H	Delta Hedging		Mixed Hedging
	Hedging Cost	Hedging Error Ratio	Hedging Cost	Hedging Error Ratio
0.65	122,108.260	0.66878962	116,423.210	0.65177851
0.7	118,896.608	0.62489765	112,041.758	0.58961575
0.75	113,917.756	0.55685429	106,155.329	0.50610081
0.8	108,419.999	0.48171932	99,838.821	0.41648404
0.85	103,072.969	0.40864427	90,728.643	0.28723150
0.9	94,729.545	0.29461906	79,601.134	0.12935765

Figure 2. Hedging error ratio across Hurst parameter H.

From Table 4 and Figure 2, we can see that as Hurst parameter H increases, the hedging error ratios of the two hedging methods are both decreased, but the hedging error ratio of mixed hedging decreases faster.

5. Conclusions

This paper deals with the European call option pricing in discrete time under the sfBm model. The numerical results show that the European call option price of delta hedging is larger than the price of mixed hedging. The hedging error ratio of the mixed hedging strategy is less than that of the delta hedging strategy in some situations. Moreover, the Hurst parameter H plays an important role in the European call option price and hedging error ratio. Based on the results of this study, we can study option pricing under sfBm in discrete time; the future research directions mainly include the following.

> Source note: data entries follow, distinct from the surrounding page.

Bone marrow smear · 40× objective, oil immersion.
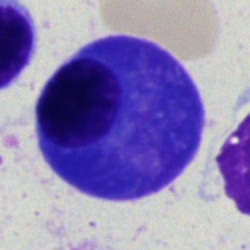

Morphological class — plasma cell.
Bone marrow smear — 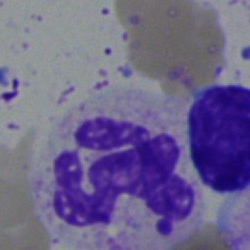 This is a segmented neutrophil.
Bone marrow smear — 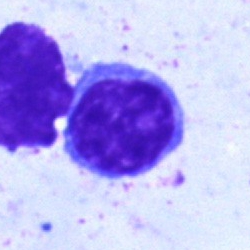 Cell = lymphocyte.
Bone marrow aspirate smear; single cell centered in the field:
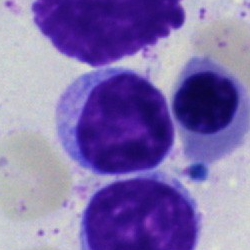

Classification: lymphocyte.
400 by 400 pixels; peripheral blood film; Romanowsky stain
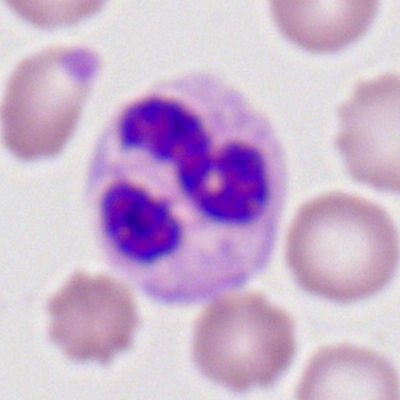
The classification is polymorphonuclear neutrophil.
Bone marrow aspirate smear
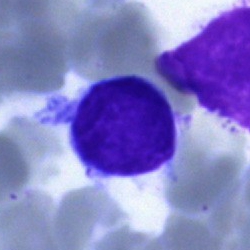 Typical lymphocyte.
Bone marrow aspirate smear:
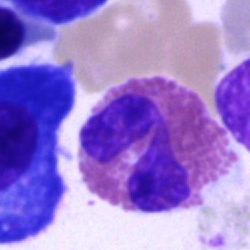

The cell is eosinophilic granulocyte.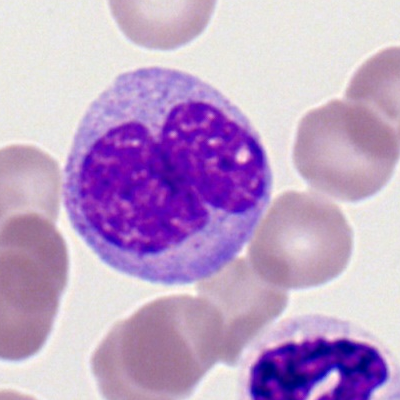Morphological class — monocyte.
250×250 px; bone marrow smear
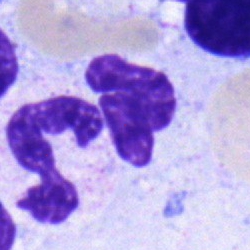 Cell = neutrophil (segmented).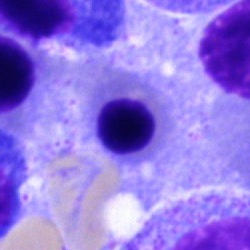Nucleated red cell.
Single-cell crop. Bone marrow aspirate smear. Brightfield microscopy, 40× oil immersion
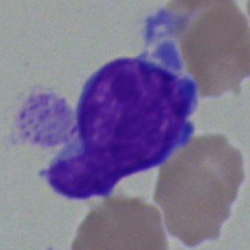Cell type: blast cell.
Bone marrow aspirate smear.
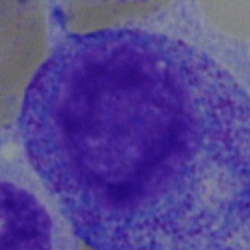
Morphology consistent with a promyelocyte.
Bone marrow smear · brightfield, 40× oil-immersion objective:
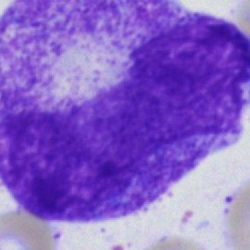 Classification: metamyelocyte.
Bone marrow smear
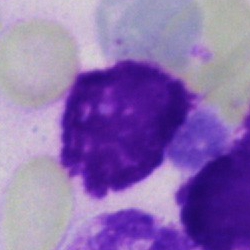
An artifact.
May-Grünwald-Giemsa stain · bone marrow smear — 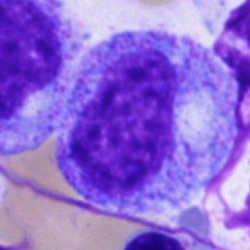

Q: What cell is this?
A: This is a progranulocyte.
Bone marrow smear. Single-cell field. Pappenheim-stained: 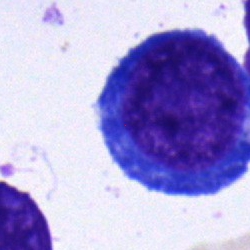 Specimen: bone marrow aspirate smear.
Classification: proerythroblast.
Lineage: erythroid.
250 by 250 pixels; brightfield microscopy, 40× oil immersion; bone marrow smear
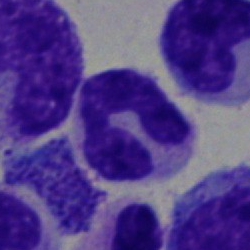 This is a stab cell.
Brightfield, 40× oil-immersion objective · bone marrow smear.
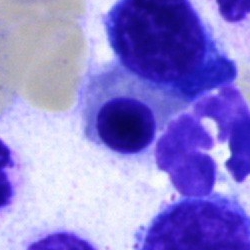Specimen: bone marrow smear.
Classification: nucleated red cell.
Lineage: erythroid.
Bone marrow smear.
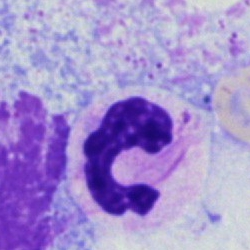 Impression — neutrophil (segmented).
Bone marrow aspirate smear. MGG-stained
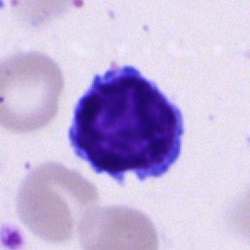Classification: lymphocyte.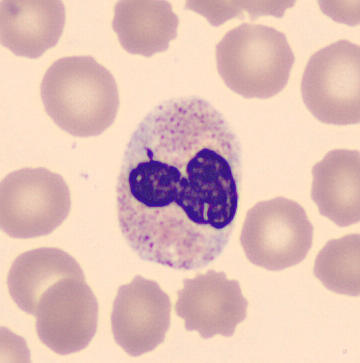 Showing a neutrophil (segmented).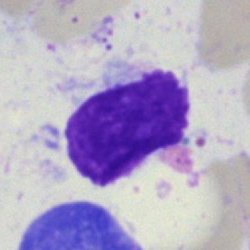
Q: What is shown here?
A: This is an artifact.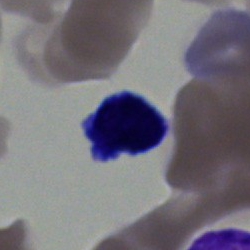
Morphology — lymphocyte.
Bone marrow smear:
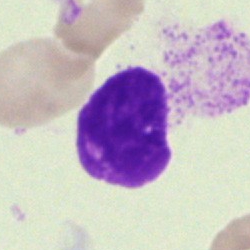

This is an artifact.
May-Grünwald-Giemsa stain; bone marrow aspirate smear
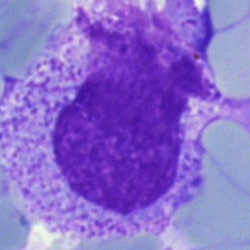 Impression → artifact.
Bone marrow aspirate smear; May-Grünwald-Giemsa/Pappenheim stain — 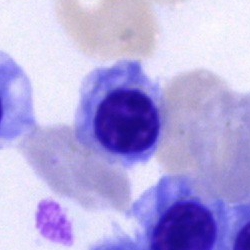
This is a nucleated red cell.
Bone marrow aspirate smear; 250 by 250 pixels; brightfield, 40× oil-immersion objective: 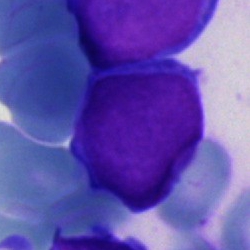

Morphology → undifferentiated blast.
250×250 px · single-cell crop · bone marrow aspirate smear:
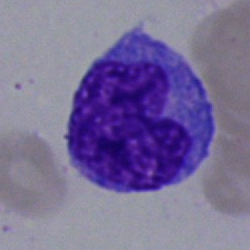
This is a monocyte.
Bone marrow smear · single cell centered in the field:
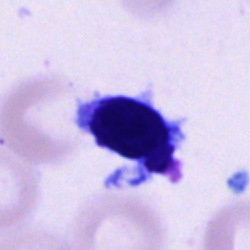
Q: Identify the cell.
A: It is a typical lymphocyte.
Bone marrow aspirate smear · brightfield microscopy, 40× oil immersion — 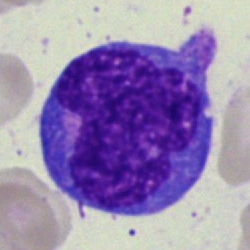Single cell identified as a monocyte.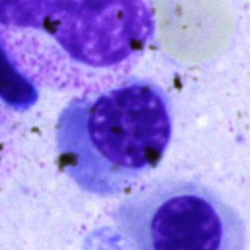Cell type = normoblast.
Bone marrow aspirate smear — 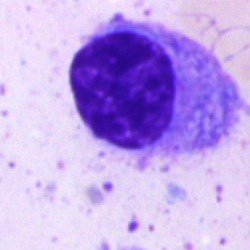 Showing a plasmacyte.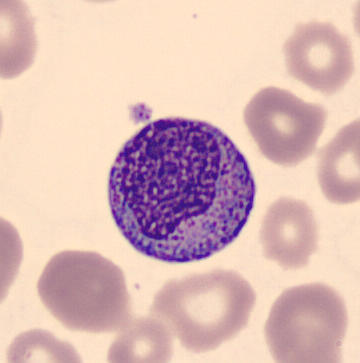 Preparation: MGG-stained; peripheral blood film.
Classification: myelocyte.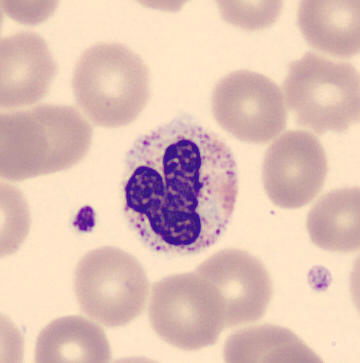 The cell is neutrophil (segmented).
Preparation: Image size 360×363. Peripheral blood smear.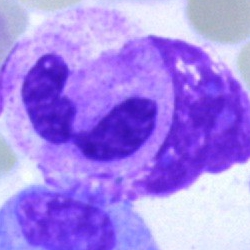
Bone marrow smear showing a polymorphonuclear neutrophil.
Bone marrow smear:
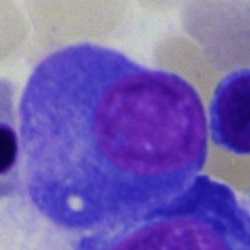The classification is plasma cell.
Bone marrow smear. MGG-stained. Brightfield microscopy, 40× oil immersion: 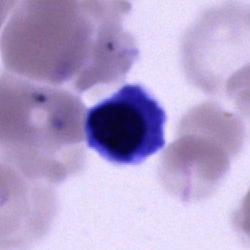Q: What is shown here?
A: It is an erythroblast.
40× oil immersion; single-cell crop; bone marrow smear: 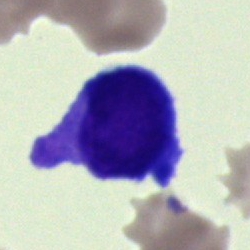
The classification is undifferentiated blast.
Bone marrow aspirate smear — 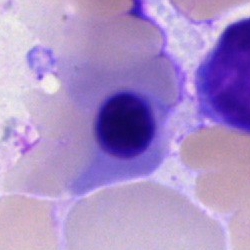
Morphology consistent with an erythroblast.
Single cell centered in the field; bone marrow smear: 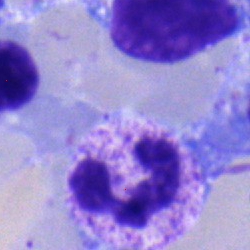
The classification is polymorphonuclear neutrophil.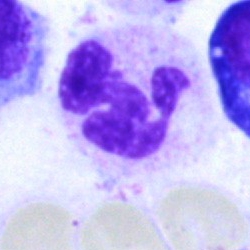

Impression — neutrophil (segmented).
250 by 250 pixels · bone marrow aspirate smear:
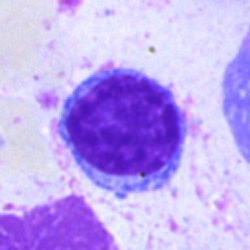
Showing a typical lymphocyte.
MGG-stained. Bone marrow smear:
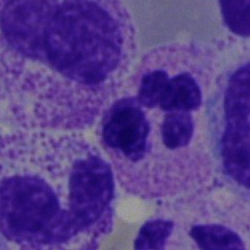Specimen: bone marrow aspirate smear.
Cell: neutrophil (segmented).
Lineage: myeloid.
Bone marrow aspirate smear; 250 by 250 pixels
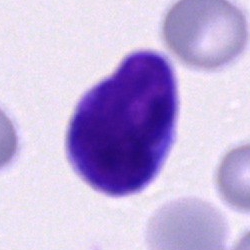

Impression — undifferentiated blast.
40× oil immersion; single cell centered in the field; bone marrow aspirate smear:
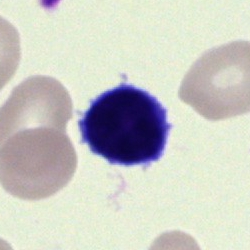 Lymphocyte.
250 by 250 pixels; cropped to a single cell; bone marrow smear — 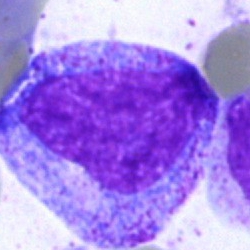

Specimen: bone marrow smear.
Cell: progranulocyte.
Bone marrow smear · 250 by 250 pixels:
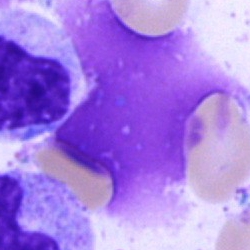This is an artefact.
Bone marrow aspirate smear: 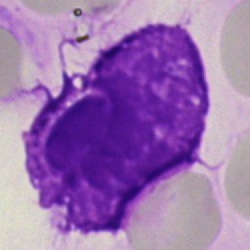Cell = artefact.

(i) The real financial market is not smooth. The trading of the risk asset (like stock) always incurs transaction costs and dividends. Therefore, the study of the option pricing model with transaction costs or dividends in the sfBm regime is of great significance.

(ii) The changes in the risk asset price often accompany jumps. Both Brownian motion and sfBm cannot describe this situation. Thus, one can generalize the sfBm model to the jump-diffusion model in discrete time.